-- TASK DATA follows --

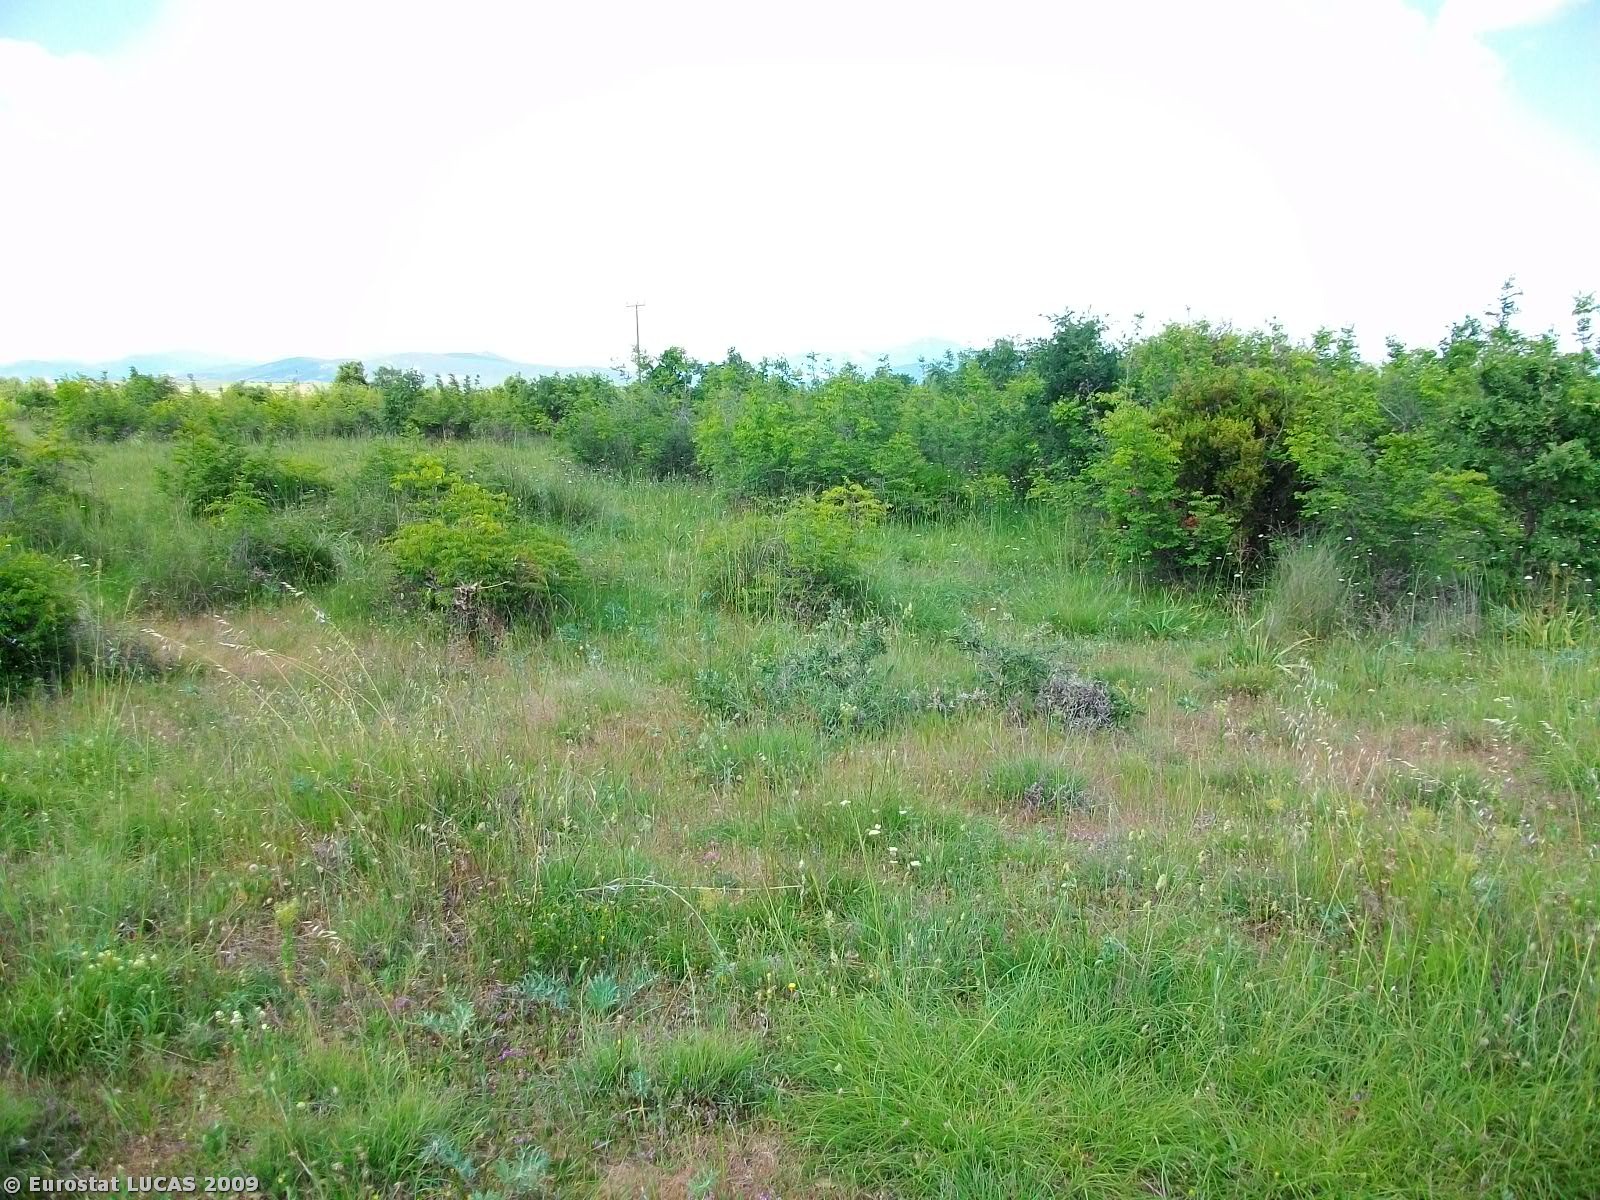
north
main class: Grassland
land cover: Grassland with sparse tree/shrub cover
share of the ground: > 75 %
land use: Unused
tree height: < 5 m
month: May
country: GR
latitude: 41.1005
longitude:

-- TASK DATA concluded --

Would you write out every record word for word, leaving no picture in?

north
main class: Grassland
land cover: Grassland with sparse tree/shrub cover
share of the ground: > 75 %
land use: Unused
tree height: < 5 m
month: May
country: GR
latitude: 41.1005
longitude:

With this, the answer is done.